Cpex Pharmaceuticals, Inc announced that its development and commercialization partner, Serenity Pharmaceuticals, has completed a phase-2a clinical study of an intranasal drug candidate delivered using Cpex's patented drug delivery platform technology for an undisclosed urology drug. During this study, 41 out of the 43 patients treated showed a positive response to treatment. Serenity has also completed an end-of-phase-2 meeting with the FDA.

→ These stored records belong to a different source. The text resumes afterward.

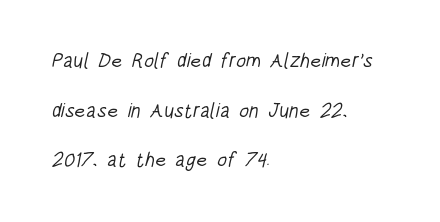
Q: Is the text bold? A: No.
Q: Is the text underlined? A: No.
Q: How is the paragraph aligned? A: Left-aligned.
Q: Is the spacing between letters normal or unusually wide? A: Normal.
Q: Is the spacing between lines tight, normal or loose? A: Loose.
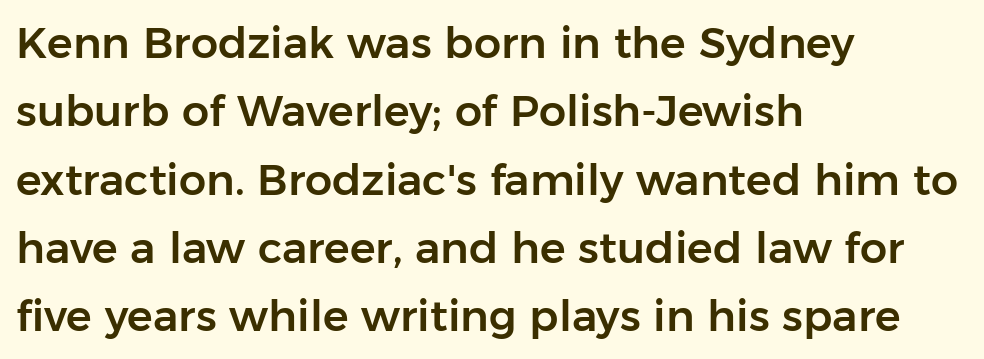
{"serif": "no", "italic": "no", "width": "normal", "stroke_contrast": "low", "x_height": "medium", "monospaced": "no", "underline": "no", "align": "left", "line_spacing": "normal", "line_spacing_ratio": 1.59, "letter_spacing": "normal", "letter_spacing_em": 0.0, "glyph_px": 43}
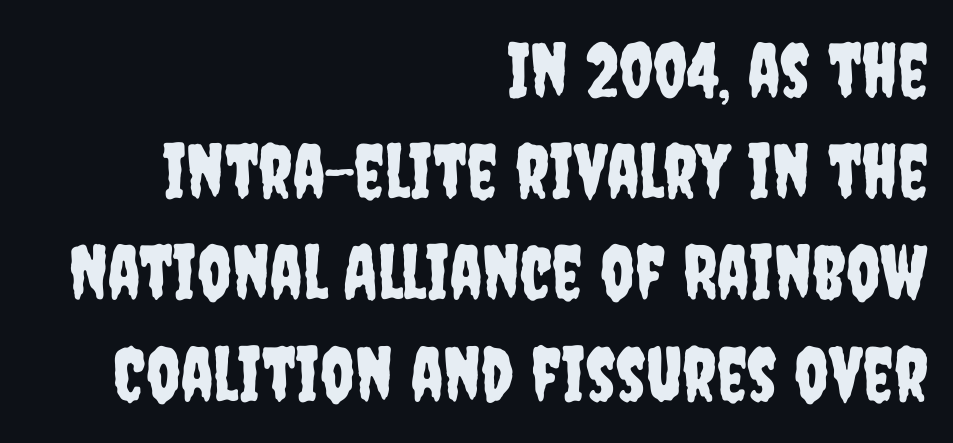
The passage shown stacks its lines at a standard gap. The specimen omits any rule beneath the text block's lines. The line texture is even and compact thanks to regular tracking. Each letter's strokes conclude bluntly, with no projecting serifs.
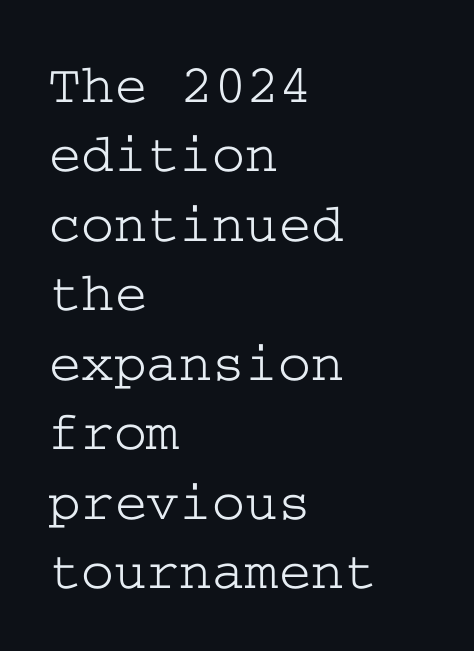
Q: Is the text italic (slanted)? A: No, it is upright.
Q: Is the typeface a serif or a sans-serif typeface? A: Serif.
Q: Is the text underlined? A: No.
Q: How is the paragraph aligned? A: Left-aligned.
Q: Is the spacing between letters normal or unusually wide? A: Normal.
Q: Width (condensed, normal, or wide)? A: Wide.
Q: Stroke contrast? A: Low.
Q: x-height? A: Medium.
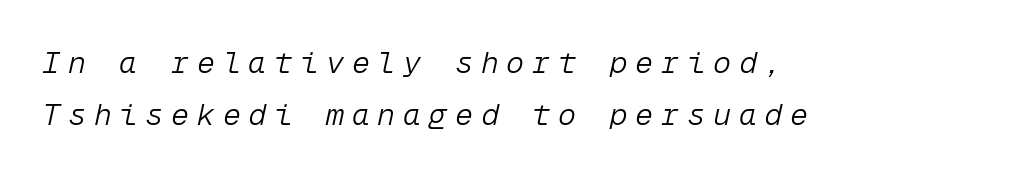
Words float on clear page, feet unadorned. Summary of weight: not heavy and not bold. Horizontal alignment here is leftward, the default for most running prose. Does the lettering tilt? It does — this is italic. How are the letters spaced? Widely, with obvious added tracking.
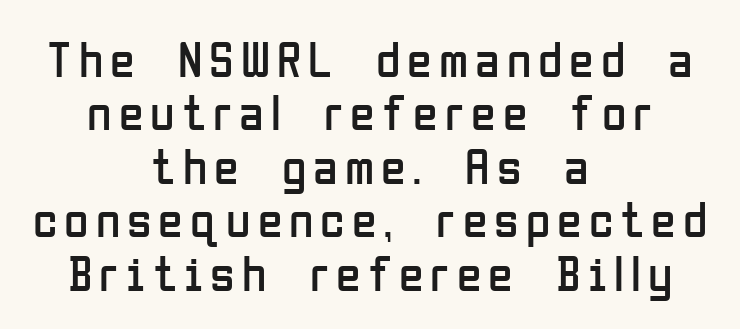
{"serif": "no", "italic": "no", "bold": "no", "weight": "regular", "width": "condensed", "stroke_contrast": "low", "x_height": "medium", "monospaced": "no", "underline": "no", "align": "center", "line_spacing": "tight", "line_spacing_ratio": 1.07, "glyph_px": 50}
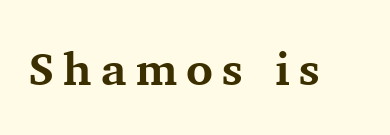
Any mark beneath the type? The region is blank. Someone cranked the tracking dial way up on this one. You could not count columns in this text — the font is proportionally spaced. Stroke thickness is high; the sample reads as a true bold. Is this a sans? No — the strokes have serifs. Italic: no, the glyphs are upright roman.
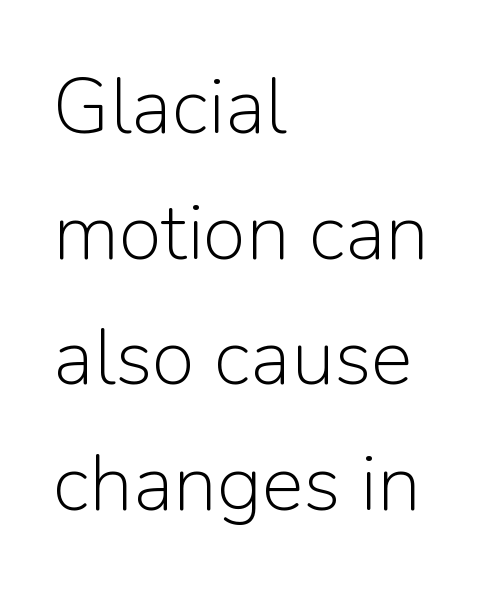
{"serif": "no", "italic": "no", "bold": "no", "weight": "light", "width": "normal", "stroke_contrast": "low", "x_height": "medium", "monospaced": "no", "underline": "no", "align": "left", "line_spacing": "normal", "line_spacing_ratio": 1.59, "letter_spacing": "normal", "letter_spacing_em": 0.0, "glyph_px": 79}
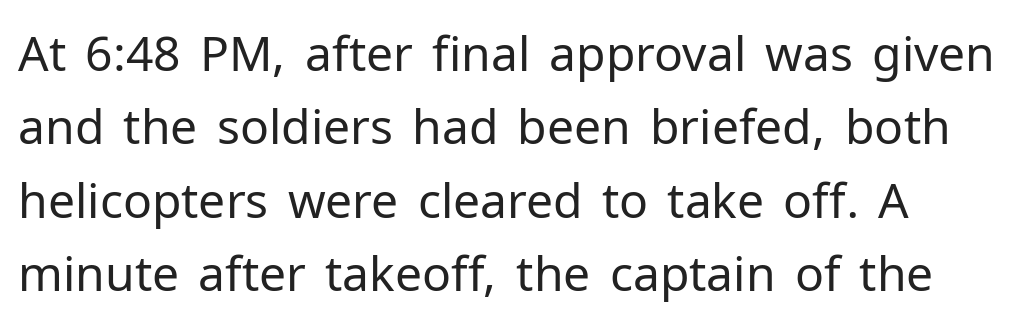
{"serif": "no", "italic": "no", "bold": "no", "weight": "regular", "width": "normal", "stroke_contrast": "low", "x_height": "medium", "monospaced": "no", "underline": "no", "line_spacing": "normal", "line_spacing_ratio": 1.53, "letter_spacing": "normal", "letter_spacing_em": 0.0, "glyph_px": 48}
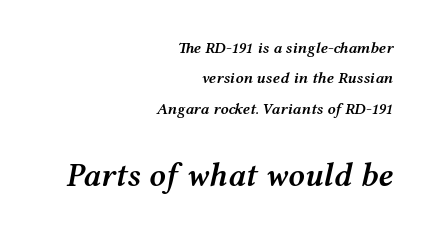
The image shows 33 px semibold, wide type, italic (leaning right); set right-aligned, loose line spacing (1.9x), normal letter spacing, not underlined; the second (bottom) block is 2.06x larger; medium stroke contrast and a medium x-height.
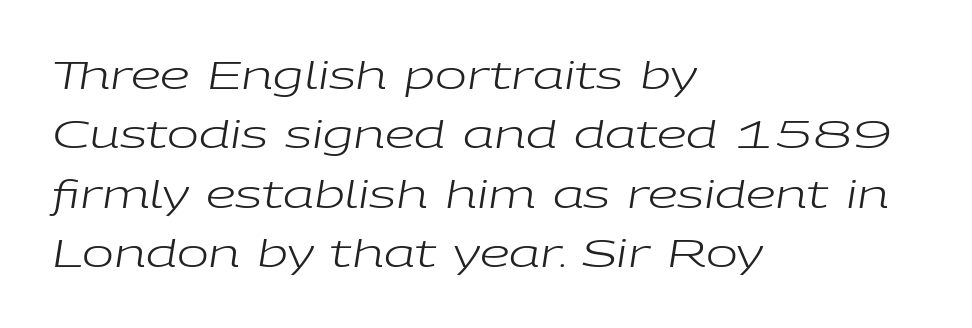
{"italic": "yes", "lean": "right", "slant_degrees": 9, "bold": "no", "weight": "regular", "width": "wide", "stroke_contrast": "low", "x_height": "medium", "monospaced": "no", "underline": "no", "align": "left", "line_spacing": "normal", "line_spacing_ratio": 1.56, "letter_spacing": "normal", "letter_spacing_em": 0.0, "glyph_px": 38}
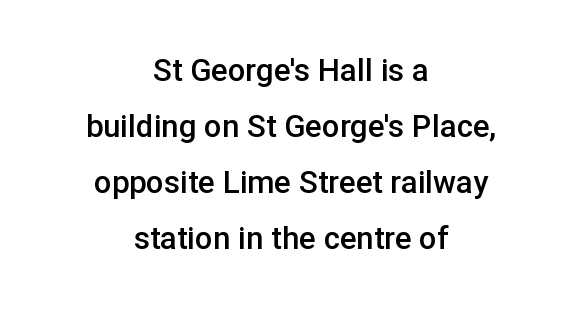
Emphasis by weight is partial: semibold. Character widths vary here, with narrow letters taking less room than wide ones. Each line is balanced around a shared central axis. Do the letters lean? They stand straight. Nope, no serifs anywhere on these letters. The string is rendered with underlining switched off.
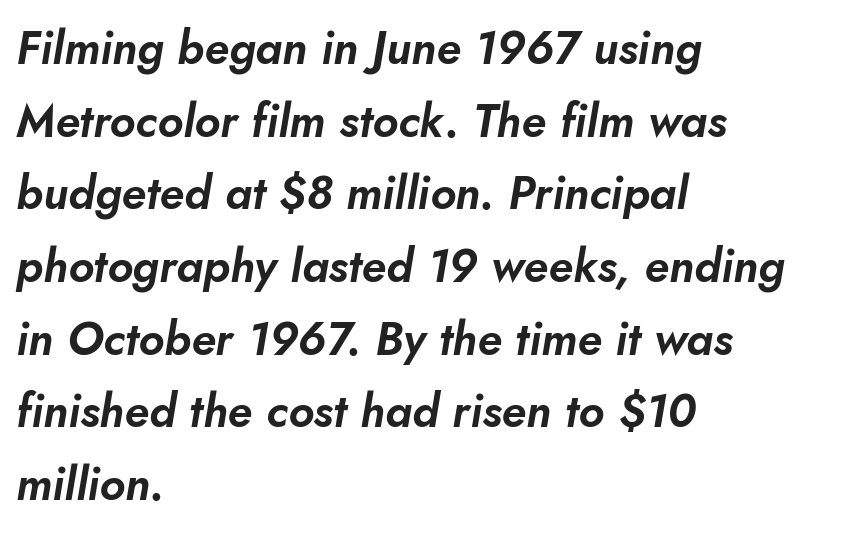
This sample keeps an unexceptional amount of space between lines. Would a proofreader flag this as italicized? Yes. Proportional: the letters do not fall into vertical columns. The zone under the glyphs is completely vacant. Each line starts at the same left margin while the right side varies.
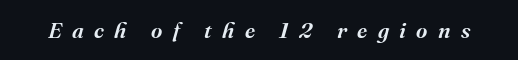
This is the in-between weight designers call semibold or demi. The passage shown has open, widely tracked lettering throughout. Honestly, there is no underline to notice here at all. The letters are slanted; this is an italic face.
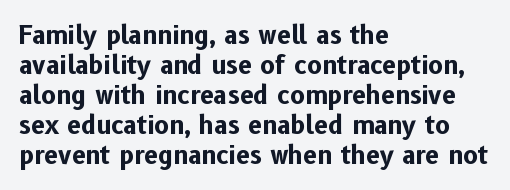
The image shows 25 px bold type, upright; set left-aligned, line spacing 1.2x, normal letter spacing, not underlined.
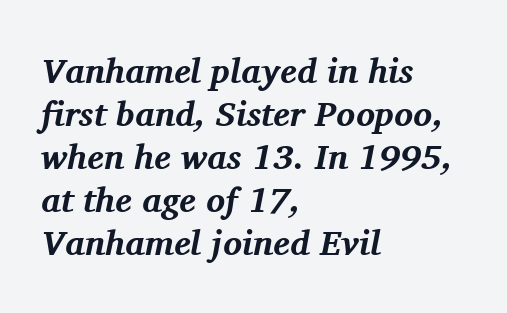
Q: Is the text bold? A: Yes.
Q: Is the text italic (slanted)? A: Yes, it leans right by about 11 degrees.
Q: Is the typeface a serif or a sans-serif typeface? A: Serif.
Q: Is the text underlined? A: No.
Q: How is the paragraph aligned? A: Left-aligned.
Q: Is the spacing between letters normal or unusually wide? A: Normal.
Q: Width (condensed, normal, or wide)? A: Normal.
Q: Stroke contrast? A: Medium.
Q: x-height? A: Medium.
Q: Monospaced? A: No.
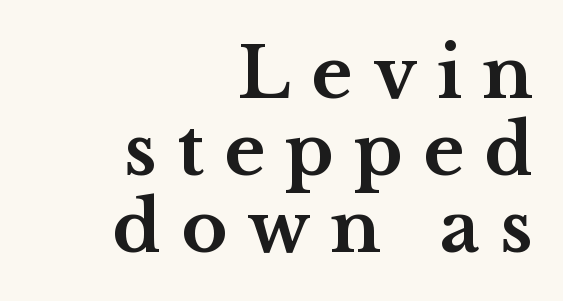
The image shows 70 px bold, wide serif type, upright; set right-aligned, tight line spacing (1.1x), unusually wide letter spacing (+0.29 em), not underlined; medium stroke contrast and a medium x-height.
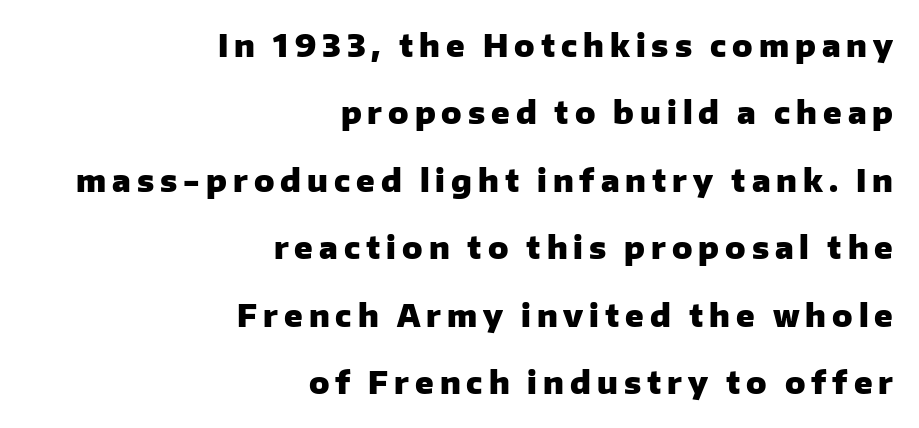
The image shows 30 px heavy sans-serif type, upright; set right-aligned, loose line spacing (2.25x), unusually wide letter spacing (+0.2 em), not underlined; low stroke contrast and a medium x-height.
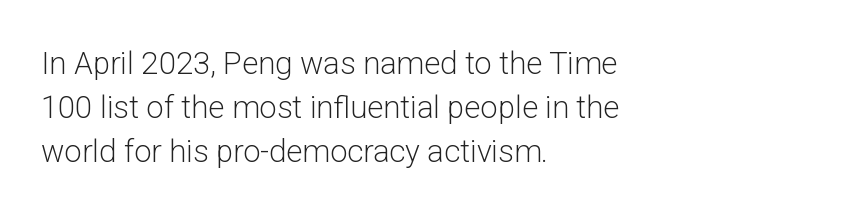
Q: Is the text bold? A: No.
Q: Is the text italic (slanted)? A: No, it is upright.
Q: Is the typeface a serif or a sans-serif typeface? A: Sans-serif.
Q: Is the text underlined? A: No.
Q: How is the paragraph aligned? A: Left-aligned.
Q: Is the spacing between letters normal or unusually wide? A: Normal.
Q: Is the spacing between lines tight, normal or loose? A: Normal.
Q: Width (condensed, normal, or wide)? A: Normal.
Q: Stroke contrast? A: Low.
Q: x-height? A: Medium.
Q: Monospaced? A: No.
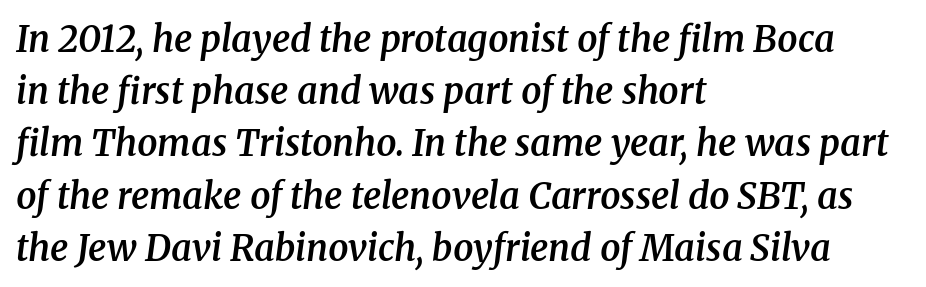
The image shows 36 px semibold serif type, italic (leaning right); set left-aligned, normal line spacing (1.45x), normal letter spacing, not underlined; medium stroke contrast and a medium x-height.
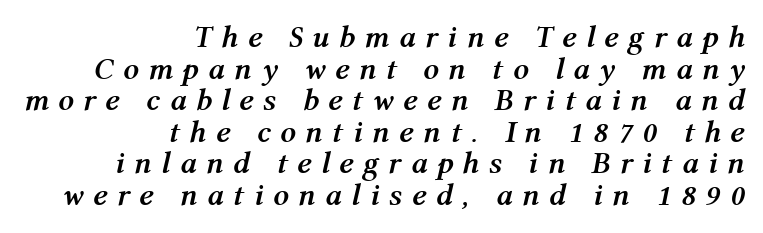
The image shows 31 px semibold type, italic (leaning right); set right-aligned, tight line spacing (1.02x), unusually wide letter spacing (+0.3 em), not underlined; medium stroke contrast and a medium x-height.
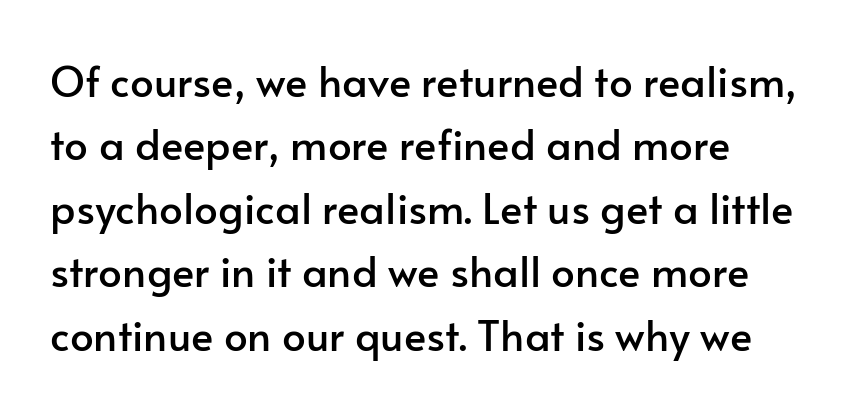
Q: Is the text italic (slanted)? A: No, it is upright.
Q: Is the typeface a serif or a sans-serif typeface? A: Sans-serif.
Q: Is the text underlined? A: No.
Q: Is the spacing between letters normal or unusually wide? A: Normal.
Q: Is the spacing between lines tight, normal or loose? A: Normal.
Q: Width (condensed, normal, or wide)? A: Normal.
Q: Stroke contrast? A: Low.
Q: x-height? A: Small.
Q: Monospaced? A: No.
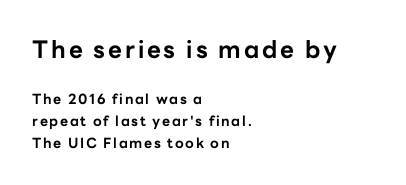
Heavy, bold letterforms. Regarding leading, the lines here are spaced in the standard way. Glance below the letters and you will spot only blank space. These two chunks differ in scale, with the top chunk taking the larger measure. Horizontally, the lines are justified to the leading edge only.
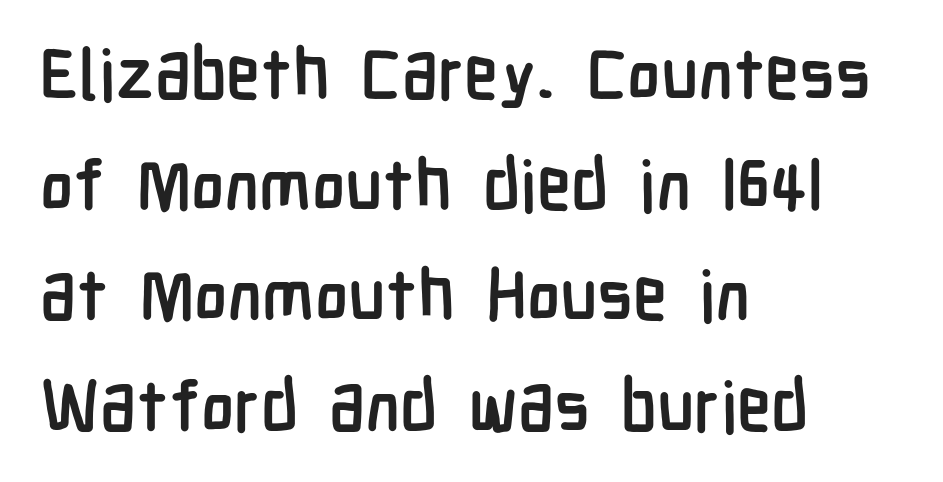
Each new line begins a customary step beneath the previous one. Bold? Absolutely — the strokes are thick and heavy. The line texture is even and compact thanks to regular tracking. Nope, not italic — everything's standing straight. Notice how the passage keeps a crisp vertical edge on the left only.
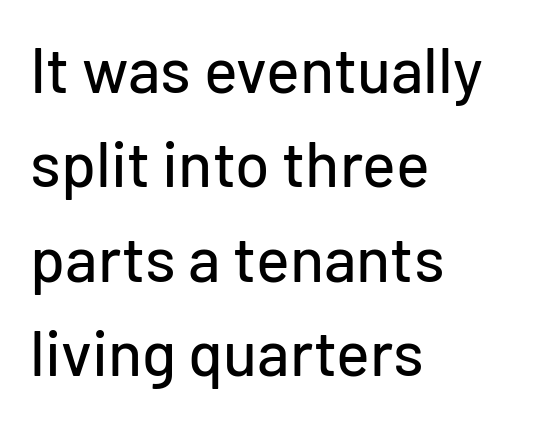
{"serif": "no", "italic": "no", "width": "normal", "stroke_contrast": "low", "x_height": "medium", "monospaced": "no", "underline": "no", "align": "left", "line_spacing": "normal", "line_spacing_ratio": 1.5, "letter_spacing": "normal", "letter_spacing_em": 0.0, "glyph_px": 63}
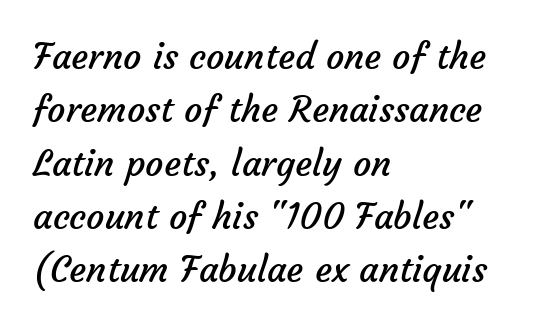
The image shows 36 px regular-weight sans-serif type; set left-aligned, normal line spacing (1.48x), normal letter spacing, not underlined; low stroke contrast and a medium x-height.
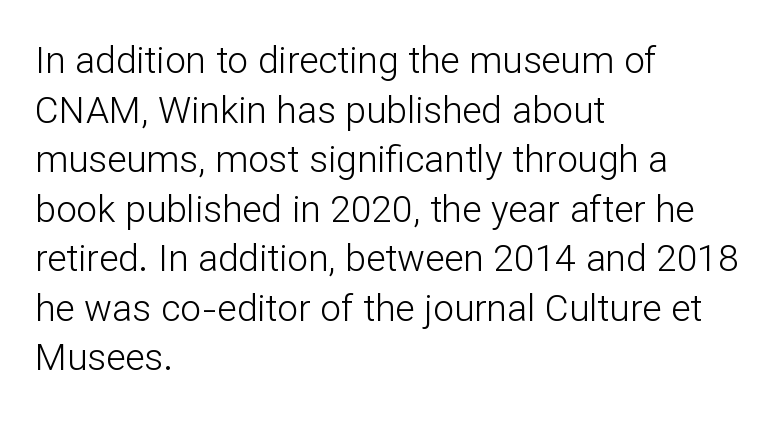
Q: Is the text bold? A: No.
Q: Is the text italic (slanted)? A: No, it is upright.
Q: Is the typeface a serif or a sans-serif typeface? A: Sans-serif.
Q: Is the text underlined? A: No.
Q: How is the paragraph aligned? A: Left-aligned.
Q: Is the spacing between letters normal or unusually wide? A: Normal.
Q: Is the spacing between lines tight, normal or loose? A: Normal.
Q: Width (condensed, normal, or wide)? A: Normal.
Q: Stroke contrast? A: Low.
Q: x-height? A: Medium.
Q: Monospaced? A: No.
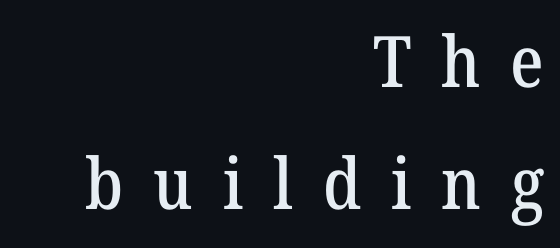
The image shows 71 px serif type, upright; set right-aligned, line spacing 1.72x, unusually wide letter spacing (+0.42 em), not underlined; medium stroke contrast and a medium x-height.
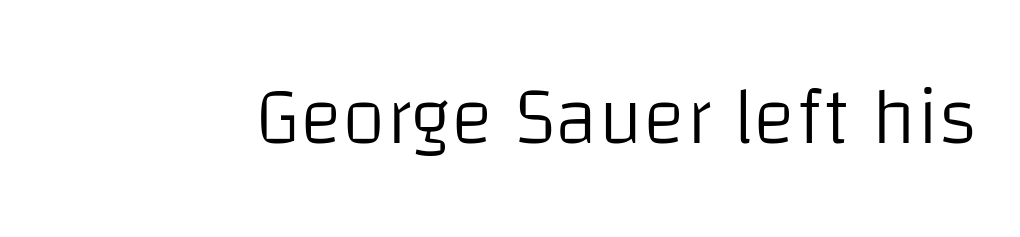
The rendering uses natural spacing where letterforms have individual widths. This reads as an unemphasized weight, regular at the heaviest. Does the type have serifs? No, each stem ends abruptly. The tracking reads as untouched default to a designer's eye.
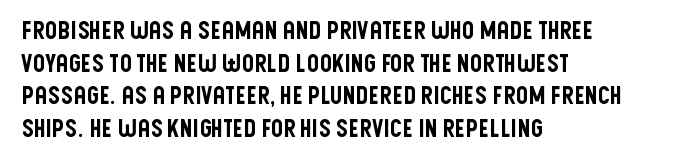
The vertical gap from one line to the next is medium. The rendering keeps characters at their native spacing. The axis of the letterforms is exactly vertical. Bare-footed words on every line. In CSS terms this would be text-align: left.

"In less than a year, our partner Serenity has taken this urology drug candidate from the Investigational New Drug application stage through an end-of-phase-2 meeting," stated John Sedor, president and chief executive officer of CPEX Pharmaceuticals. "Serenity's continued commitment to rapid clinical development, in addition to the positive data collected in their clinical trials, make us optimistic as to the future potential of this drug candidate. In addition, this positive data, along with our ongoing progress with Nasulin, continue to validate the significant untapped potential of Cpex's permeation enhancement technology. We look forward to providing more detail at a future date as its development continues."

Serenity Pharmaceuticals is a privately held, Pennsylvania-based pharmaceutical development company.

Cpex Pharma is an emerging specialty pharmaceutical company focused on the development, licensing and commercialization of pharmaceutical products utilizing Cpex's validated drug delivery platform technology.